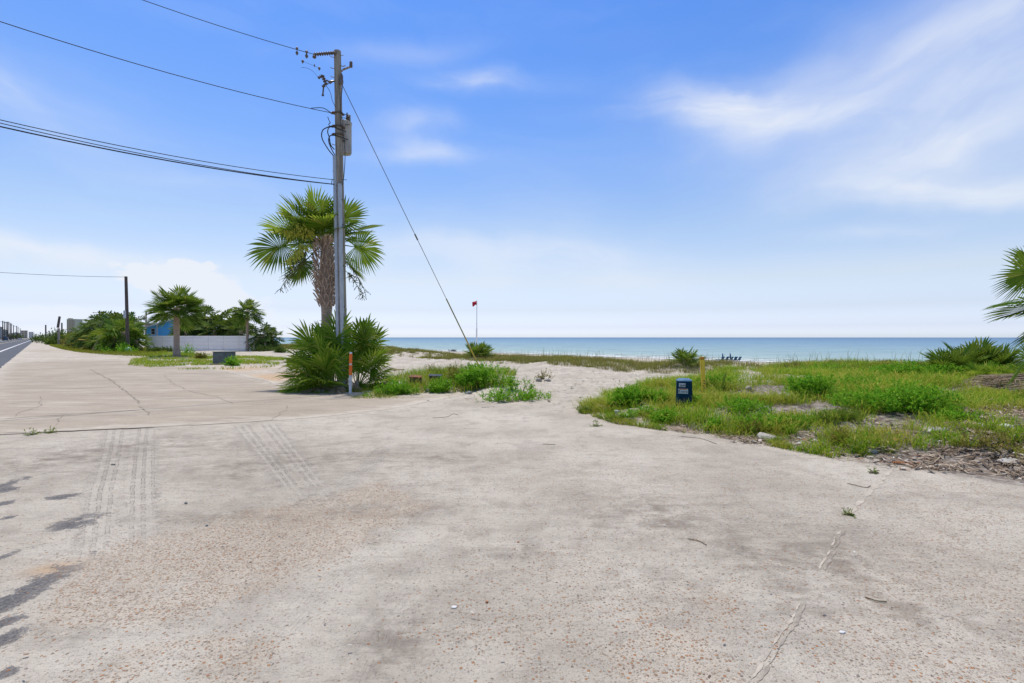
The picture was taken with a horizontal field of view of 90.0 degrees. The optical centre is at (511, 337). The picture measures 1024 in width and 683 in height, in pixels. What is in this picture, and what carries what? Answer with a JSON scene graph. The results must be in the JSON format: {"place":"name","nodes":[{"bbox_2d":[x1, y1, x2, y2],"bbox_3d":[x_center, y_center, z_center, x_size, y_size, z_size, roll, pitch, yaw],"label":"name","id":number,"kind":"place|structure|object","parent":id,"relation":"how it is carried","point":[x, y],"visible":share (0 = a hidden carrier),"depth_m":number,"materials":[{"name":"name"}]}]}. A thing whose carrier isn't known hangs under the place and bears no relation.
{"place":"outdoors","nodes":[
{"label":"outdoors","id":0,"kind":"place"},
{"bbox_2d":[0,338,32,367],"bbox_3d":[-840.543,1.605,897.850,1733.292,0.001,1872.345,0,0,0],"label":"road","id":1,"kind":"structure","parent":0,"point":[7,355],"depth_m":74.06,"materials":[{"name":"grey asphalt"}]},
{"bbox_2d":[0,341,459,433],"bbox_3d":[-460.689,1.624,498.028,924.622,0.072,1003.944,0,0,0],"label":"parking pavement","id":2,"kind":"structure","parent":0,"point":[161,398],"depth_m":13.53,"materials":[{"name":"concrete"}]},
{"bbox_2d":[3,357,287,432],"bbox_3d":[-19.640,1.584,24.817,7.316,0.001,42.528,0,0,-45],"label":"pavement crack","id":3,"kind":"object","parent":2,"relation":"on","point":[125,410],"visible":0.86,"depth_m":11.10,"materials":[{"name":"grey concrete"}]},
{"bbox_2d":[349,352,351,393],"bbox_3d":[-4.572,1.077,14.500,0.100,1.326,0.090,0,0,0],"label":"marker post","id":4,"kind":"object","parent":2,"relation":"on","point":[350,372],"visible":0.92,"depth_m":14.46,"materials":[{"name":"orange plastic"}]},
{"bbox_2d":[374,375,422,394],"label":"weed bush","id":5,"kind":"object","parent":2,"relation":"on","point":[395,388],"visible":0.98,"depth_m":14.21,"materials":[{"name":"green plant"}]},
{"bbox_2d":[0,341,1023,682],"bbox_3d":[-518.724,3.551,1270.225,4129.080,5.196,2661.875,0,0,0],"label":"ground","id":6,"kind":"structure","parent":0,"point":[158,585],"depth_m":3.83,"materials":[{"name":"grey concrete"}]},
{"bbox_2d":[30,330,56,342],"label":"scrub","id":7,"kind":"object","parent":6,"relation":"on","point":[38,339],"visible":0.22,"depth_m":138.40,"materials":[{"name":"green plant"}]},
{"bbox_2d":[44,327,70,343],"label":"scrub","id":8,"kind":"object","parent":6,"relation":"on","point":[54,337],"visible":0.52,"depth_m":108.19,"materials":[{"name":"green plant"}]},
{"bbox_2d":[56,316,60,343],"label":"broken pole","id":9,"kind":"object","parent":6,"relation":"on","point":[58,328],"visible":0.83,"depth_m":107.83,"materials":[{"name":"brown wood"}]},
{"bbox_2d":[60,327,81,347],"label":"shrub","id":10,"kind":"object","parent":6,"relation":"on","point":[73,339],"visible":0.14,"depth_m":72.60,"materials":[{"name":"green plant"}]},
{"bbox_2d":[67,318,81,332],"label":"condo tower","id":11,"kind":"structure","parent":6,"relation":"on","point":[71,322],"depth_m":1400.00,"materials":[{"name":"grey concrete"}]},
{"bbox_2d":[65,322,94,347],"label":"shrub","id":12,"kind":"object","parent":6,"relation":"on","point":[79,342],"visible":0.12,"depth_m":68.55,"materials":[{"name":"green plant"}]},
{"bbox_2d":[80,324,108,349],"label":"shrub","id":13,"kind":"object","parent":6,"relation":"on","point":[91,338],"visible":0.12,"depth_m":60.86,"materials":[{"name":"green plant"}]},
{"bbox_2d":[76,310,114,341],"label":"cabbage palm","id":14,"kind":"object","parent":6,"relation":"on","point":[93,320],"visible":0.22,"depth_m":65.39,"materials":[{"name":"green plant"}]},
{"bbox_2d":[49,344,167,356],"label":"verge grass","id":15,"kind":"structure","parent":6,"relation":"on","point":[90,351],"depth_m":52.24,"materials":[{"name":"green plant"}]},
{"bbox_2d":[92,311,138,340],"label":"cabbage palm","id":16,"kind":"object","parent":6,"relation":"on","point":[114,315],"visible":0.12,"depth_m":62.28,"materials":[{"name":"green plant"}]},
{"bbox_2d":[91,315,148,350],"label":"cabbage palm","id":17,"kind":"object","parent":6,"relation":"on","point":[120,337],"visible":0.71,"depth_m":56.37,"materials":[{"name":"green plant"}]},
{"bbox_2d":[101,342,139,352],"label":"bush","id":18,"kind":"object","parent":6,"relation":"on","point":[124,346],"visible":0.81,"depth_m":53.77,"materials":[{"name":"green plant"}]},
{"bbox_2d":[123,276,129,346],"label":"utility pole","id":19,"kind":"object","parent":6,"relation":"on","point":[126,313],"visible":0.91,"depth_m":54.89,"materials":[{"name":"wood"}]},
{"bbox_2d":[110,316,148,338],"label":"cabbage palm","id":20,"kind":"object","parent":6,"relation":"on","point":[133,318],"visible":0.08,"depth_m":60.30,"materials":[{"name":"green plant"}]},
{"bbox_2d":[118,311,146,334],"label":"cabbage palm","id":21,"kind":"object","parent":6,"relation":"on","point":[132,313],"visible":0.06,"depth_m":72.71,"materials":[{"name":"green plant"}]},
{"bbox_2d":[129,329,154,350],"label":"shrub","id":22,"kind":"object","parent":6,"relation":"on","point":[139,336],"visible":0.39,"depth_m":57.87,"materials":[{"name":"green plant"}]},
{"bbox_2d":[141,284,207,356],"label":"cabbage palm","id":23,"kind":"object","parent":6,"relation":"on","point":[184,303],"visible":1,"depth_m":41.59,"materials":[{"name":"green plant"}]},
{"bbox_2d":[140,319,219,345],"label":"beach house","id":24,"kind":"structure","parent":6,"relation":"on","point":[156,330],"depth_m":76.00,"materials":[{"name":"blue"}]},
{"bbox_2d":[172,343,195,353],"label":"bush","id":25,"kind":"object","parent":6,"relation":"on","point":[187,349],"visible":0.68,"depth_m":46.95,"materials":[{"name":"green plant"}]},
{"bbox_2d":[167,321,203,349],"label":"cabbage palm","id":26,"kind":"object","parent":6,"relation":"on","point":[185,333],"visible":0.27,"depth_m":63.14,"materials":[{"name":"green plant"}]},
{"bbox_2d":[180,312,216,349],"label":"cabbage palm","id":27,"kind":"object","parent":6,"relation":"on","point":[193,332],"visible":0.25,"depth_m":64.17,"materials":[{"name":"green plant"}]},
{"bbox_2d":[194,351,208,358],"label":"bush","id":28,"kind":"object","parent":6,"relation":"on","point":[200,355],"visible":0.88,"depth_m":37.92,"materials":[{"name":"green plant"}]},
{"bbox_2d":[147,336,265,350],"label":"board fence","id":29,"kind":"object","parent":6,"relation":"on","point":[203,338],"visible":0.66,"depth_m":60.50,"materials":[{"name":"white wood"}]},
{"bbox_2d":[189,305,223,349],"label":"cabbage palm","id":30,"kind":"object","parent":6,"relation":"on","point":[209,310],"visible":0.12,"depth_m":66.86,"materials":[{"name":"green plant"}]},
{"bbox_2d":[194,316,235,349],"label":"cabbage palm","id":31,"kind":"object","parent":6,"relation":"on","point":[208,325],"visible":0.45,"depth_m":62.96,"materials":[{"name":"green plant"}]},
{"bbox_2d":[203,308,243,349],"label":"cabbage palm","id":32,"kind":"object","parent":6,"relation":"on","point":[224,314],"visible":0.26,"depth_m":65.20,"materials":[{"name":"green plant"}]},
{"bbox_2d":[211,351,238,364],"bbox_3d":[-17.141,1.222,30.500,1.200,0.780,1.050,0,0,22],"label":"utility cabinet","id":33,"kind":"object","parent":6,"relation":"on","point":[219,356],"visible":0.85,"depth_m":30.16,"materials":[{"name":"metal"}]},
{"bbox_2d":[212,317,242,349],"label":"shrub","id":34,"kind":"object","parent":6,"relation":"on","point":[224,323],"visible":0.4,"depth_m":63.09,"materials":[{"name":"green plant"}]},
{"bbox_2d":[222,355,242,365],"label":"bush","id":35,"kind":"object","parent":6,"relation":"on","point":[231,361],"visible":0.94,"depth_m":29.11,"materials":[{"name":"green plant"}]},
{"bbox_2d":[222,320,255,349],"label":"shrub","id":36,"kind":"object","parent":6,"relation":"on","point":[239,332],"visible":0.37,"depth_m":62.63,"materials":[{"name":"green plant"}]},
{"bbox_2d":[227,298,266,350],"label":"cabbage palm","id":37,"kind":"object","parent":6,"relation":"on","point":[245,309],"visible":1,"depth_m":58.60,"materials":[{"name":"green plant"}]},
{"bbox_2d":[249,343,273,351],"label":"bush","id":38,"kind":"object","parent":6,"relation":"on","point":[261,348],"visible":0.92,"depth_m":56.60,"materials":[{"name":"green plant"}]},
{"bbox_2d":[245,322,277,349],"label":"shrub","id":39,"kind":"object","parent":6,"relation":"on","point":[264,330],"visible":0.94,"depth_m":59.60,"materials":[{"name":"green plant"}]},
{"bbox_2d":[257,327,285,350],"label":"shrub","id":40,"kind":"object","parent":6,"relation":"on","point":[275,341],"visible":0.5,"depth_m":60.78,"materials":[{"name":"green plant"}]},
{"bbox_2d":[271,345,288,352],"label":"bush","id":41,"kind":"object","parent":6,"relation":"on","point":[279,350],"visible":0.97,"depth_m":54.59,"materials":[{"name":"green plant"}]},
{"bbox_2d":[245,183,384,384],"bbox_3d":[-6.086,-1.561,16.639,4.432,6.595,3.228,0,0,0],"label":"cabbage palm","id":42,"kind":"object","parent":6,"relation":"on","point":[311,222],"visible":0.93,"depth_m":16.18,"materials":[{"name":"green plant"}]},
{"bbox_2d":[273,309,366,393],"bbox_3d":[-5.753,0.438,15.285,2.631,2.845,2.569,0,0,0],"label":"palmetto","id":43,"kind":"object","parent":6,"relation":"on","point":[319,344],"visible":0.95,"depth_m":15.13,"materials":[{"name":"green plant"}]},
{"bbox_2d":[128,351,517,398],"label":"sand grass","id":44,"kind":"structure","parent":6,"relation":"on","point":[136,361],"depth_m":25.37,"materials":[{"name":"green plant"}]},
{"bbox_2d":[312,49,352,388],"bbox_3d":[-5.498,-3.499,15.668,1.155,10.669,0.478,0,0,-23],"label":"utility pole","id":45,"kind":"object","parent":6,"relation":"on","point":[339,248],"visible":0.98,"depth_m":15.68,"materials":[{"name":"metal"}]},
{"bbox_2d":[0,123,313,181],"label":"overhead wire","id":46,"kind":"object","parent":45,"relation":"attached to","point":[136,152],"visible":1,"depth_m":12.34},
{"bbox_2d":[0,119,332,179],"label":"overhead wire","id":47,"kind":"object","parent":45,"relation":"attached to","point":[155,152],"visible":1,"depth_m":12.53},
{"bbox_2d":[0,126,333,184],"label":"overhead wire","id":48,"kind":"object","parent":45,"relation":"attached to","point":[157,158],"visible":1,"depth_m":12.55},
{"bbox_2d":[0,21,334,113],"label":"overhead wire","id":49,"kind":"object","parent":45,"relation":"attached to","point":[166,72],"visible":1,"depth_m":12.75,"materials":[{"name":"rubber"}]},
{"bbox_2d":[143,0,311,58],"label":"overhead wire","id":50,"kind":"object","parent":45,"relation":"attached to","point":[306,52],"visible":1,"depth_m":14.10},
{"bbox_2d":[301,67,334,105],"bbox_3d":[-5.891,-7.538,15.456,1.045,0.952,0.293,0,0,-42],"label":"fuse cutout","id":51,"kind":"object","parent":45,"relation":"hanging from","point":[324,81],"visible":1,"depth_m":15.58,"materials":[{"name":"ceramic"}]},
{"bbox_2d":[342,113,351,155],"bbox_3d":[-5.200,-6.355,15.976,0.417,1.286,0.448,0,0,0],"label":"pole transformer","id":52,"kind":"object","parent":45,"relation":"attached to","point":[347,128],"visible":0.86,"depth_m":15.87,"materials":[{"name":"paint"}]},
{"bbox_2d":[343,87,478,365],"bbox_3d":[-3.300,-3.170,19.168,0.060,9.378,7.818,0,0,30],"label":"guy wire","id":53,"kind":"object","parent":45,"relation":"attached to","point":[419,243],"visible":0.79,"depth_m":19.15,"materials":[{"name":"metal"}]},
{"bbox_2d":[319,313,403,391],"bbox_3d":[-4.650,0.541,15.899,2.644,2.708,2.417,0,0,0],"label":"palmetto","id":54,"kind":"object","parent":6,"relation":"on","point":[367,335],"visible":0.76,"depth_m":16.12,"materials":[{"name":"green plant"}]},
{"bbox_2d":[409,375,421,383],"bbox_3d":[-2.945,1.306,15.611,0.375,0.289,0.360,0,0,-6],"label":"valve box","id":55,"kind":"object","parent":6,"relation":"on","point":[416,377],"visible":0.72,"depth_m":15.46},
{"bbox_2d":[422,375,455,392],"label":"weed bush","id":56,"kind":"object","parent":6,"relation":"on","point":[438,385],"visible":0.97,"depth_m":14.67,"materials":[{"name":"green plant"}]},
{"bbox_2d":[446,359,465,384],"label":"weed bush","id":57,"kind":"object","parent":6,"relation":"on","point":[450,373],"visible":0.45,"depth_m":16.06,"materials":[{"name":"green plant"}]},
{"bbox_2d":[461,341,495,358],"bbox_3d":[-2.390,0.875,37.129,2.629,1.413,2.545,0,0,40],"label":"palmetto","id":58,"kind":"object","parent":6,"relation":"on","point":[479,349],"visible":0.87,"depth_m":36.64,"materials":[{"name":"green plant"}]},
{"bbox_2d":[450,359,511,387],"bbox_3d":[-0.921,1.097,15.540,1.890,0.879,1.540,0,0,0],"label":"weed bush","id":59,"kind":"object","parent":6,"relation":"on","point":[472,374],"visible":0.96,"depth_m":15.22,"materials":[{"name":"green plant"}]},
{"bbox_2d":[476,384,553,401],"bbox_3d":[0.064,1.401,13.183,2.079,0.490,1.379,0,0,0],"label":"weed bush","id":60,"kind":"object","parent":6,"relation":"on","point":[521,395],"visible":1,"depth_m":12.93,"materials":[{"name":"green plant"}]},
{"bbox_2d":[504,375,534,390],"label":"weed bush","id":61,"kind":"object","parent":6,"relation":"on","point":[510,381],"visible":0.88,"depth_m":14.53,"materials":[{"name":"green plant"}]},
{"bbox_2d":[427,369,669,403],"bbox_3d":[-3.083,1.587,25.878,13.320,0.373,29.135,0,0,-28],"label":"beach wrack","id":62,"kind":"object","parent":6,"relation":"on","point":[559,391],"visible":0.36,"depth_m":15.65,"materials":[{"name":"brown plant"}]},
{"bbox_2d":[576,402,598,411],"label":"weed bush","id":63,"kind":"object","parent":6,"relation":"on","point":[586,408],"visible":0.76,"depth_m":10.87,"materials":[{"name":"green plant"}]},
{"bbox_2d":[603,382,646,407],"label":"weed bush","id":64,"kind":"object","parent":6,"relation":"on","point":[632,393],"visible":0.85,"depth_m":10.86,"materials":[{"name":"green plant"}]},
{"bbox_2d":[618,402,655,418],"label":"weed bush","id":65,"kind":"object","parent":6,"relation":"on","point":[635,411],"visible":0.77,"depth_m":9.86,"materials":[{"name":"green plant"}]},
{"bbox_2d":[274,343,1016,373],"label":"dune grass","id":66,"kind":"structure","parent":6,"relation":"on","point":[580,360],"depth_m":29.74,"materials":[{"name":"green plant"}]},
{"bbox_2d":[638,385,667,404],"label":"weed bush","id":67,"kind":"object","parent":6,"relation":"on","point":[648,392],"visible":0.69,"depth_m":11.02,"materials":[{"name":"green plant"}]},
{"bbox_2d":[647,404,699,422],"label":"weed bush","id":68,"kind":"object","parent":6,"relation":"on","point":[663,417],"visible":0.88,"depth_m":9.40,"materials":[{"name":"green plant"}]},
{"bbox_2d":[676,378,692,405],"bbox_3d":[3.587,1.148,10.670,0.359,0.591,0.413,0,0,14],"label":"telecom pedestal","id":69,"kind":"object","parent":6,"relation":"on","point":[683,389],"visible":0.81,"depth_m":10.53,"materials":[{"name":"blue metal"}]},
{"bbox_2d":[668,347,707,365],"bbox_3d":[8.493,0.934,25.411,1.945,1.159,1.950,0,0,-21],"label":"palmetto","id":70,"kind":"object","parent":6,"relation":"on","point":[683,355],"visible":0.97,"depth_m":25.25,"materials":[{"name":"green plant"}]},
{"bbox_2d":[699,357,705,392],"bbox_3d":[4.483,0.928,12.024,0.150,0.942,0.057,0,0,0],"label":"yellow post","id":71,"kind":"object","parent":6,"relation":"on","point":[702,370],"visible":0.92,"depth_m":12.00,"materials":[{"name":"paint"}]},
{"bbox_2d":[702,413,723,430],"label":"weed bush","id":72,"kind":"object","parent":6,"relation":"on","point":[711,420],"visible":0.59,"depth_m":8.62,"materials":[{"name":"green plant"}]},
{"bbox_2d":[694,371,744,386],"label":"weed bush","id":73,"kind":"object","parent":6,"relation":"on","point":[712,380],"visible":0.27,"depth_m":13.23,"materials":[{"name":"green plant"}]},
{"bbox_2d":[708,372,742,391],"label":"spiky plant","id":74,"kind":"object","parent":6,"relation":"on","point":[722,384],"visible":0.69,"depth_m":12.23,"materials":[{"name":"green plant"}]},
{"bbox_2d":[710,394,775,413],"bbox_3d":[4.280,1.245,9.523,1.084,0.362,0.903,0,0,0],"label":"weed bush","id":75,"kind":"object","parent":6,"relation":"on","point":[743,403],"visible":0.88,"depth_m":9.43,"materials":[{"name":"green plant"}]},
{"bbox_2d":[736,417,766,434],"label":"weed bush","id":76,"kind":"object","parent":6,"relation":"on","point":[758,425],"visible":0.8,"depth_m":8.23,"materials":[{"name":"green plant"}]},
{"bbox_2d":[756,432,776,440],"bbox_3d":[3.955,1.553,7.977,0.276,0.134,0.342,0,0,19],"label":"concrete chunk","id":77,"kind":"object","parent":6,"relation":"on","point":[762,434],"visible":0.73,"depth_m":7.89,"materials":[{"name":"grey concrete"}]},
{"bbox_2d":[732,407,814,429],"bbox_3d":[4.333,1.353,8.525,1.303,0.353,0.850,0,0,0],"label":"weed bush","id":78,"kind":"object","parent":6,"relation":"on","point":[761,417],"visible":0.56,"depth_m":8.42,"materials":[{"name":"green plant"}]},
{"bbox_2d":[570,356,1023,461],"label":"mound grass","id":79,"kind":"structure","parent":6,"relation":"on","point":[979,395],"depth_m":9.71,"materials":[{"name":"green plant"}]},
{"bbox_2d":[757,531,844,682],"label":"slab groove","id":80,"kind":"object","parent":6,"relation":"on","point":[766,669],"visible":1,"depth_m":2.83},
{"bbox_2d":[597,380,1023,479],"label":"twig litter","id":81,"kind":"object","parent":6,"relation":"on","point":[1015,410],"visible":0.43,"depth_m":6.68,"materials":[{"name":"brown dry wood"}]},
{"bbox_2d":[784,371,840,398],"bbox_3d":[6.483,1.036,11.115,1.195,0.603,1.000,0,0,0],"label":"weed bush","id":82,"kind":"object","parent":6,"relation":"on","point":[807,382],"visible":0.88,"depth_m":10.91,"materials":[{"name":"green plant"}]},
{"bbox_2d":[748,468,893,681],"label":"slab lip","id":83,"kind":"object","parent":6,"relation":"on","point":[760,666],"visible":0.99,"depth_m":3.98,"materials":[{"name":"grey concrete"}]},
{"bbox_2d":[791,360,876,371],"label":"weed bush","id":84,"kind":"object","parent":6,"relation":"on","point":[827,365],"visible":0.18,"depth_m":19.75,"materials":[{"name":"green plant"}]},
{"bbox_2d":[813,405,864,424],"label":"weed bush","id":85,"kind":"object","parent":6,"relation":"on","point":[853,417],"visible":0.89,"depth_m":8.30,"materials":[{"name":"green plant"}]},
{"bbox_2d":[822,425,861,446],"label":"weed bush","id":86,"kind":"object","parent":6,"relation":"on","point":[841,429],"visible":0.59,"depth_m":7.29,"materials":[{"name":"green plant"}]},
{"bbox_2d":[826,388,878,406],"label":"weed bush","id":87,"kind":"object","parent":6,"relation":"on","point":[839,394],"visible":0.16,"depth_m":9.89,"materials":[{"name":"green plant"}]},
{"bbox_2d":[831,372,903,384],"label":"weed bush","id":88,"kind":"object","parent":6,"relation":"on","point":[847,379],"visible":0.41,"depth_m":11.85,"materials":[{"name":"green plant"}]},
{"bbox_2d":[833,424,907,453],"bbox_3d":[4.886,1.384,6.977,0.875,0.436,0.604,0,0,0],"label":"weed bush","id":89,"kind":"object","parent":6,"relation":"on","point":[864,439],"visible":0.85,"depth_m":6.96,"materials":[{"name":"green plant"}]},
{"bbox_2d":[731,380,1023,478],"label":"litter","id":90,"kind":"object","parent":6,"relation":"on","point":[884,457],"visible":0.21,"depth_m":6.78,"materials":[{"name":"plant"}]},
{"bbox_2d":[825,377,969,414],"bbox_3d":[6.729,1.014,9.007,2.004,0.624,1.612,0,0,0],"label":"weed bush","id":91,"kind":"object","parent":6,"relation":"on","point":[906,398],"visible":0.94,"depth_m":8.75,"materials":[{"name":"green plant"}]},
{"bbox_2d":[852,358,968,376],"bbox_3d":[12.914,1.006,16.674,1.770,0.698,3.089,0,0,-45],"label":"weed bush","id":92,"kind":"object","parent":6,"relation":"on","point":[909,368],"visible":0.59,"depth_m":16.47,"materials":[{"name":"green plant"}]},
{"bbox_2d":[908,344,994,373],"bbox_3d":[14.369,0.801,16.643,2.370,1.250,2.162,0,0,0],"label":"palmetto","id":93,"kind":"object","parent":6,"relation":"on","point":[938,357],"visible":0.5,"depth_m":16.36,"materials":[{"name":"green plant"}]},
{"bbox_2d":[934,404,982,421],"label":"weed bush","id":94,"kind":"object","parent":6,"relation":"on","point":[948,411],"visible":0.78,"depth_m":8.01,"materials":[{"name":"green plant"}]},
{"bbox_2d":[924,335,1017,361],"bbox_3d":[15.530,0.645,17.222,2.588,1.433,2.538,0,0,0],"label":"palmetto","id":95,"kind":"object","parent":6,"relation":"on","point":[975,346],"visible":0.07,"depth_m":16.92,"materials":[{"name":"green plant"}]},
{"bbox_2d":[951,360,996,380],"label":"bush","id":96,"kind":"object","parent":6,"relation":"on","point":[978,369],"visible":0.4,"depth_m":15.36,"materials":[{"name":"green plant"}]},
{"bbox_2d":[957,419,1023,453],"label":"weed bush","id":97,"kind":"object","parent":6,"relation":"on","point":[988,440],"visible":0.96,"depth_m":6.57,"materials":[{"name":"green plant"}]},
{"bbox_2d":[963,375,1023,384],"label":"dry frond","id":98,"kind":"object","parent":6,"relation":"on","point":[987,377],"visible":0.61,"depth_m":13.24,"materials":[{"name":"brown plant"}]},
{"bbox_2d":[964,342,1023,367],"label":"palmetto","id":99,"kind":"object","parent":6,"relation":"on","point":[1005,354],"visible":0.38,"depth_m":16.25,"materials":[{"name":"green plant"}]},
{"bbox_2d":[976,378,1023,388],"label":"dry frond","id":100,"kind":"object","parent":6,"relation":"on","point":[999,381],"visible":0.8,"depth_m":12.87,"materials":[{"name":"brown plant"}]},
{"bbox_2d":[981,364,1021,379],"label":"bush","id":101,"kind":"object","parent":6,"relation":"on","point":[1003,370],"visible":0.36,"depth_m":14.71,"materials":[{"name":"green plant"}]},
{"bbox_2d":[982,246,1023,386],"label":"cabbage palm","id":102,"kind":"object","parent":6,"relation":"on","point":[1015,278],"visible":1,"depth_m":10.92,"materials":[{"name":"green plant"}]},
{"bbox_2d":[996,458,1021,464],"bbox_3d":[6.028,1.497,6.181,0.306,0.064,0.174,0,0,0],"label":"concrete chunk","id":103,"kind":"object","parent":6,"relation":"on","point":[1007,460],"visible":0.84,"depth_m":6.15,"materials":[{"name":"grey concrete"}]},
{"bbox_2d":[0,0,1023,337],"label":"sky","id":104,"kind":"structure","parent":0,"point":[559,168],"materials":[{"name":"blue"}]},
{"bbox_2d":[140,337,1023,362],"bbox_3d":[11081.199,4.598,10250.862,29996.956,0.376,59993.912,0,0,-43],"label":"sea","id":105,"kind":"structure","parent":0,"point":[777,349],"depth_m":290.92,"materials":[{"name":"liquid"}]},
{"bbox_2d":[433,349,815,362],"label":"surf foam","id":106,"kind":"object","parent":105,"relation":"on","point":[664,357],"visible":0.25,"depth_m":117.97,"materials":[{"name":"white"}]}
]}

○ ○ ○ ○

**WHAT TO WORK ON**
Show the lines of the records that include the string "chunk".

**EXPECTED ANSWER**
{"bbox_2d":[756,432,776,440],"bbox_3d":[3.955,1.553,7.977,0.276,0.134,0.342,0,0,19],"label":"concrete chunk","id":77,"kind":"object","parent":6,"relation":"on","point":[762,434],"visible":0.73,"depth_m":7.89,"materials":[{"name":"grey concrete"}]},
{"bbox_2d":[996,458,1021,464],"bbox_3d":[6.028,1.497,6.181,0.306,0.064,0.174,0,0,0],"label":"concrete chunk","id":103,"kind":"object","parent":6,"relation":"on","point":[1007,460],"visible":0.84,"depth_m":6.15,"materials":[{"name":"grey concrete"}]},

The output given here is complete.